Model	Original size	mlx-optiq size	Compression	mlx-optiq vs uniform-4
Qwen3.6-27B-OptiQ-4bit	52,989 MB	15,710 MB	3.4×	95.0% vs 94.0% +1.0pp
Qwen3.6-35B-A3B-OptiQ-4bit MoE · 256 experts · 3 B active	68,597 MB	20,146 MB	3.4×	89.5% vs 91.5% −2.0pp

Qwen3.6 getting-started guide →

03 Gemma-4 family

Gemma-4 — Google's instruct series.

Two small dense (e2b, e4b) and two large (26 B-A4B sparse-MoE, 31 B dense). The two largest dramatically benefit from mixed-precision: gemma-4-e4b at uniform 4-bit drops to 23.5% GSM8K — mlx-optiq recovers it to 55.5%.

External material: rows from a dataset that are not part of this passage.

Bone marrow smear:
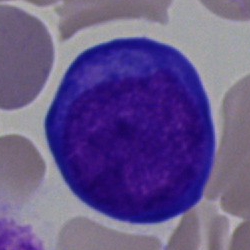

A normoblast.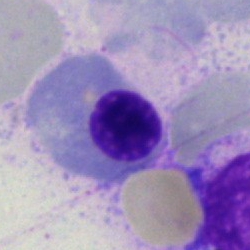Q: What type of cell is this?
A: It is a nucleated red blood cell.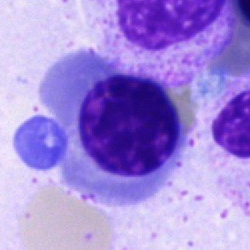
Impression → nucleated red cell.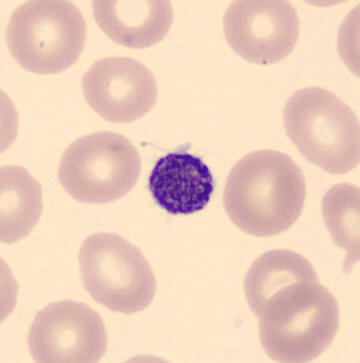
Morphological class: platelet.
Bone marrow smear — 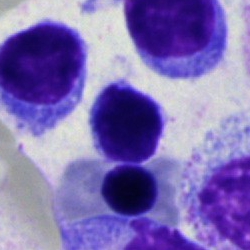

Q: What is the morphological classification of this cell?
A: A lymphocyte.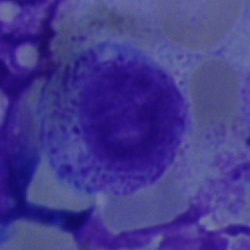

Cell = myelocyte.
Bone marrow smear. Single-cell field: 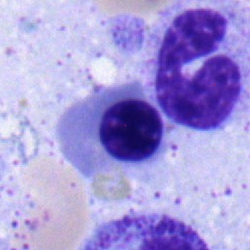Morphology → erythroblast.
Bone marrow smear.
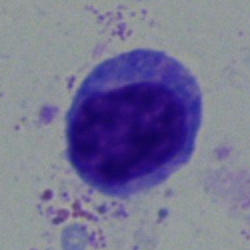 The cell shown is a monocyte.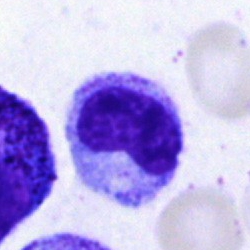 Specimen: bone marrow smear.
Cell type: metamyelocyte.
Lineage: myeloid.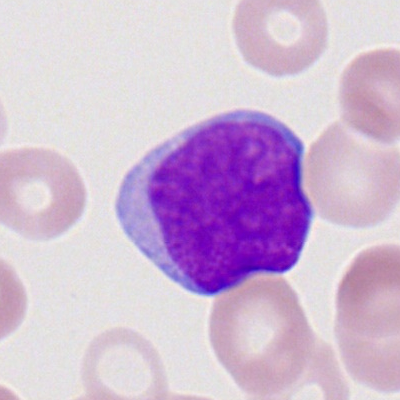Q: What is the morphological classification of this cell?
A: This is a myeloid blast.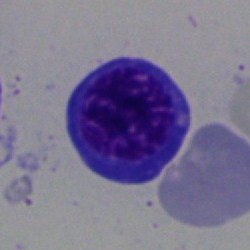 Normoblast.
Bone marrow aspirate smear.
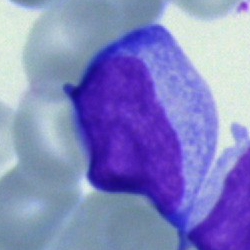The cell is lymphocyte (immature).
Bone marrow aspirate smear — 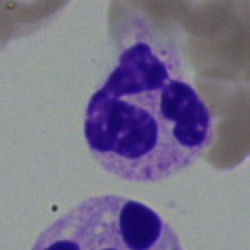
Morphological class — neutrophil (segmented).
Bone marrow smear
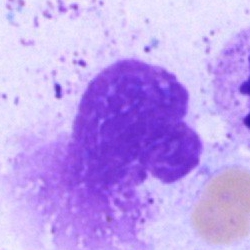 Q: What is shown here?
A: An artefact.
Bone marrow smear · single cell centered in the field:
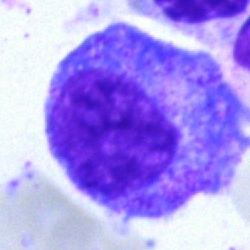
Morphology consistent with a promyelocyte.
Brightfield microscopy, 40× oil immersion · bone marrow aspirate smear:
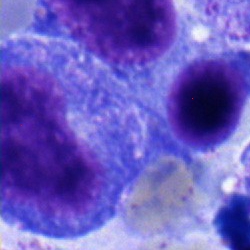 The cell type is promyelocyte.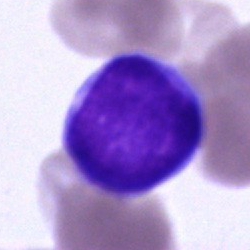
Specimen: bone marrow smear.
Morphological class: undifferentiated blast.
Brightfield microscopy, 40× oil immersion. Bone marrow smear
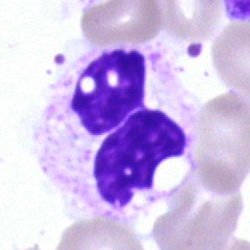 Cell: polymorphonuclear neutrophil.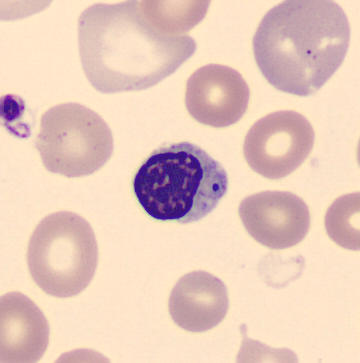Image: Peripheral blood film.
Q: Which cell type is shown here?
A: This is a nucleated red blood cell.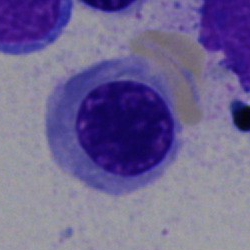
The morphological class is erythroblast.
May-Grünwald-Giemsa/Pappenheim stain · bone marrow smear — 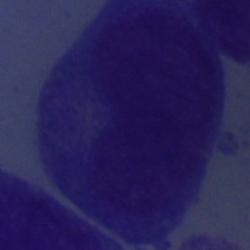 Morphology → artefact.
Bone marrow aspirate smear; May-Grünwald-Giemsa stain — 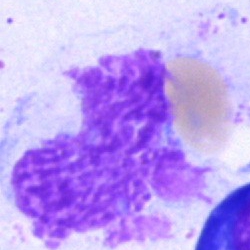
Specimen: bone marrow smear.
Morphological class: artefact.
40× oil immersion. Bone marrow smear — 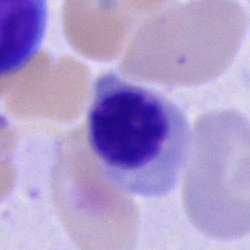
A nucleated red cell.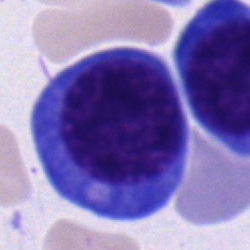
Morphological class: nucleated red cell.

GSM8K · 200 samples · with chat template

Model	Original size	mlx-optiq size	Compression	mlx-optiq vs uniform-4
gemma-4-e2b-it-OptiQ-4bit	9,772 MB	3,978 MB	2.5×	13.0% vs 5.5% +7.5pp
gemma-4-e4b-it-OptiQ-4bit	15,252 MB	6,028 MB	2.5×	55.5% vs 23.5% +32.0pp
gemma-4-26B-A4B-it-OptiQ-4bit MoE · 4 B active	48,584 MB	14,866 MB	3.4×	94.0% vs 92.0% +2.0pp
gemma-4-31B-it-OptiQ-4bit dense	59,648 MB	18,123 MB	3.3×	96.0% vs 96.0% 0.0pp

Heads up Gemma-4 inference works fine with fp16 KV (stock mlx_lm.server or optiq serve without --kv-config). The mixed-precision KV path currently fails on Gemma-4's shared-KV attention — an upstream mlx-lm limitation we're tracking. Use Qwen3.5 / 3.6 if you specifically need quantized KV.

Gemma-4 getting-started guide →

04 Loading any of them

One snippet. Any model on this page.

All ten quants follow the same load contract. Swap the repo name; the rest stays.

load_any.pypython

from mlx_lm import load, generate

# Pick any of the 10. Stock mlx-lm, no special loader needed.
model, tok = load("mlx-community/Qwen3.6-27B-OptiQ-4bit")

prompt = tok.apply_chat_template(
    [{"role": "user", "content": "Explain mixed-precision quantization in 3 sentences."}],
    tokenize=False,
    add_generation_prompt=True,
)
out = generate(model, tok, prompt=prompt, max_tokens=300)
print(out)

Per-family notes Each model family has slightly different recommended sampling defaults and chat templates. See the Qwen3.5, Qwen3.6 and Gemma-4 getting-started guides.